**What you need to do:** Here the requirement is to repeat every record exactly, in full.

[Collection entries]
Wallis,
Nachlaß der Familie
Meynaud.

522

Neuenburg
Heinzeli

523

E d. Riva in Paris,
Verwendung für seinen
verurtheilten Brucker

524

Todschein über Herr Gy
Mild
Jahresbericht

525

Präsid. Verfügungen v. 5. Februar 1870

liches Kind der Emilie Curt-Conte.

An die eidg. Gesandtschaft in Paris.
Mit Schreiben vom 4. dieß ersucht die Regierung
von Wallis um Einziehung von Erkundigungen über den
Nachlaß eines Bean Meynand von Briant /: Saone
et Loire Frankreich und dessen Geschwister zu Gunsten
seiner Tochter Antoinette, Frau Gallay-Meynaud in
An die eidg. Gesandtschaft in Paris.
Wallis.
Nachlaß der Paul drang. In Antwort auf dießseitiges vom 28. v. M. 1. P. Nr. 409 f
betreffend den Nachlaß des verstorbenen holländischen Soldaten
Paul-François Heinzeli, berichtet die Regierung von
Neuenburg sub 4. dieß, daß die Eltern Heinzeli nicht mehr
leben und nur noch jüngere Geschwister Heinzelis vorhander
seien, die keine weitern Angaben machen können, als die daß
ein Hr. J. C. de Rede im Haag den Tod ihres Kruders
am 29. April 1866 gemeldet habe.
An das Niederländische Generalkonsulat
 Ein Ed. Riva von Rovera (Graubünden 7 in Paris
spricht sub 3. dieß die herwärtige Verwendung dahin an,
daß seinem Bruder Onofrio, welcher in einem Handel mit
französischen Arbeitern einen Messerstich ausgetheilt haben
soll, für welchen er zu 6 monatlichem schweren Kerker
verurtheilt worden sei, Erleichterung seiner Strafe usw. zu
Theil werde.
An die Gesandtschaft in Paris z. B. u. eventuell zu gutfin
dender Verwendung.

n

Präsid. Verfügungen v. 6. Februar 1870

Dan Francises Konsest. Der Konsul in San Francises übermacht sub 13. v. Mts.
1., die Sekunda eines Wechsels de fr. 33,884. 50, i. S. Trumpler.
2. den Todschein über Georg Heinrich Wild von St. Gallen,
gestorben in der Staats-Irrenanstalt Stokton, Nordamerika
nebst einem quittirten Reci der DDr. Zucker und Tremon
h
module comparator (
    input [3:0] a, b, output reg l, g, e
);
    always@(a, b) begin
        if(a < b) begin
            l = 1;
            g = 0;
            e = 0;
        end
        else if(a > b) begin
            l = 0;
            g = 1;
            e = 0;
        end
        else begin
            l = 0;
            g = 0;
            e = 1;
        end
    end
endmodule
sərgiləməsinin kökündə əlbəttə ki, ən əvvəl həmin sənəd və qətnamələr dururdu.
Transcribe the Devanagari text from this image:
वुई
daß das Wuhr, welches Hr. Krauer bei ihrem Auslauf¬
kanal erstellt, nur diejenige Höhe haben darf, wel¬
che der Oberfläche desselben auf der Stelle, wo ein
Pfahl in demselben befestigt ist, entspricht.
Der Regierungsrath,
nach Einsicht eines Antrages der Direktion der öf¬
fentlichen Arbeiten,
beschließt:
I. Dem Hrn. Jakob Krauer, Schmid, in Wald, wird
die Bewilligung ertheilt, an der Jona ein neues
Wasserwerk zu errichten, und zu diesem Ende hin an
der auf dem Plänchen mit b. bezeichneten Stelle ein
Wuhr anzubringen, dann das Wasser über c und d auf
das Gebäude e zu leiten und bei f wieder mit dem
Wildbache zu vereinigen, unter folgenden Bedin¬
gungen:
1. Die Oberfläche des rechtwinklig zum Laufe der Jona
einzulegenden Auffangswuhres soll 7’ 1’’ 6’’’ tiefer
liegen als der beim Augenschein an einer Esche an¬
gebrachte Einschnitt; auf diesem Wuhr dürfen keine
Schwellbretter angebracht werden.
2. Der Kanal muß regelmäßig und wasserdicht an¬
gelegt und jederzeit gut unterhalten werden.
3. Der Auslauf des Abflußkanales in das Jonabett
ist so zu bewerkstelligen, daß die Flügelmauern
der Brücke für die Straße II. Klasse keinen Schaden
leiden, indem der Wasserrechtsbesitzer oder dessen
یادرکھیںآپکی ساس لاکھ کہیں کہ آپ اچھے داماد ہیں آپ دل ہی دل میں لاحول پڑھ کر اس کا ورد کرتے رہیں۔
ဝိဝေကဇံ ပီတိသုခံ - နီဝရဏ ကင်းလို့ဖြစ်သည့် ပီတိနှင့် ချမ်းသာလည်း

**Solution to the exercise:**
Wallis,
Nachlaß der Familie
Meynaud.

522

Neuenburg
Heinzeli

523

E d. Riva in Paris,
Verwendung für seinen
verurtheilten Brucker

524

Todschein über Herr Gy
Mild
Jahresbericht

525

Präsid. Verfügungen v. 5. Februar 1870

liches Kind der Emilie Curt-Conte.

An die eidg. Gesandtschaft in Paris.
Mit Schreiben vom 4. dieß ersucht die Regierung
von Wallis um Einziehung von Erkundigungen über den
Nachlaß eines Bean Meynand von Briant /: Saone
et Loire Frankreich und dessen Geschwister zu Gunsten
seiner Tochter Antoinette, Frau Gallay-Meynaud in
An die eidg. Gesandtschaft in Paris.
Wallis.
Nachlaß der Paul drang. In Antwort auf dießseitiges vom 28. v. M. 1. P. Nr. 409 f
betreffend den Nachlaß des verstorbenen holländischen Soldaten
Paul-François Heinzeli, berichtet die Regierung von
Neuenburg sub 4. dieß, daß die Eltern Heinzeli nicht mehr
leben und nur noch jüngere Geschwister Heinzelis vorhander
seien, die keine weitern Angaben machen können, als die daß
ein Hr. J. C. de Rede im Haag den Tod ihres Kruders
am 29. April 1866 gemeldet habe.
An das Niederländische Generalkonsulat
 Ein Ed. Riva von Rovera (Graubünden 7 in Paris
spricht sub 3. dieß die herwärtige Verwendung dahin an,
daß seinem Bruder Onofrio, welcher in einem Handel mit
französischen Arbeitern einen Messerstich ausgetheilt haben
soll, für welchen er zu 6 monatlichem schweren Kerker
verurtheilt worden sei, Erleichterung seiner Strafe usw. zu
Theil werde.
An die Gesandtschaft in Paris z. B. u. eventuell zu gutfin
dender Verwendung.

n

Präsid. Verfügungen v. 6. Februar 1870

Dan Francises Konsest. Der Konsul in San Francises übermacht sub 13. v. Mts.
1., die Sekunda eines Wechsels de fr. 33,884. 50, i. S. Trumpler.
2. den Todschein über Georg Heinrich Wild von St. Gallen,
gestorben in der Staats-Irrenanstalt Stokton, Nordamerika
nebst einem quittirten Reci der DDr. Zucker und Tremon
h
module comparator (
    input [3:0] a, b, output reg l, g, e
);
    always@(a, b) begin
        if(a < b) begin
            l = 1;
            g = 0;
            e = 0;
        end
        else if(a > b) begin
            l = 0;
            g = 1;
            e = 0;
        end
        else begin
            l = 0;
            g = 0;
            e = 1;
        end
    end
endmodule
sərgiləməsinin kökündə əlbəttə ki, ən əvvəl həmin sənəd və qətnamələr dururdu.
Transcribe the Devanagari text from this image:
वुई
daß das Wuhr, welches Hr. Krauer bei ihrem Auslauf¬
kanal erstellt, nur diejenige Höhe haben darf, wel¬
che der Oberfläche desselben auf der Stelle, wo ein
Pfahl in demselben befestigt ist, entspricht.
Der Regierungsrath,
nach Einsicht eines Antrages der Direktion der öf¬
fentlichen Arbeiten,
beschließt:
I. Dem Hrn. Jakob Krauer, Schmid, in Wald, wird
die Bewilligung ertheilt, an der Jona ein neues
Wasserwerk zu errichten, und zu diesem Ende hin an
der auf dem Plänchen mit b. bezeichneten Stelle ein
Wuhr anzubringen, dann das Wasser über c und d auf
das Gebäude e zu leiten und bei f wieder mit dem
Wildbache zu vereinigen, unter folgenden Bedin¬
gungen:
1. Die Oberfläche des rechtwinklig zum Laufe der Jona
einzulegenden Auffangswuhres soll 7’ 1’’ 6’’’ tiefer
liegen als der beim Augenschein an einer Esche an¬
gebrachte Einschnitt; auf diesem Wuhr dürfen keine
Schwellbretter angebracht werden.
2. Der Kanal muß regelmäßig und wasserdicht an¬
gelegt und jederzeit gut unterhalten werden.
3. Der Auslauf des Abflußkanales in das Jonabett
ist so zu bewerkstelligen, daß die Flügelmauern
der Brücke für die Straße II. Klasse keinen Schaden
leiden, indem der Wasserrechtsbesitzer oder dessen
یادرکھیںآپکی ساس لاکھ کہیں کہ آپ اچھے داماد ہیں آپ دل ہی دل میں لاحول پڑھ کر اس کا ورد کرتے رہیں۔
ဝိဝေကဇံ ပီတိသုခံ - နီဝရဏ ကင်းလို့ဖြစ်သည့် ပီတိနှင့် ချမ်းသာလည်း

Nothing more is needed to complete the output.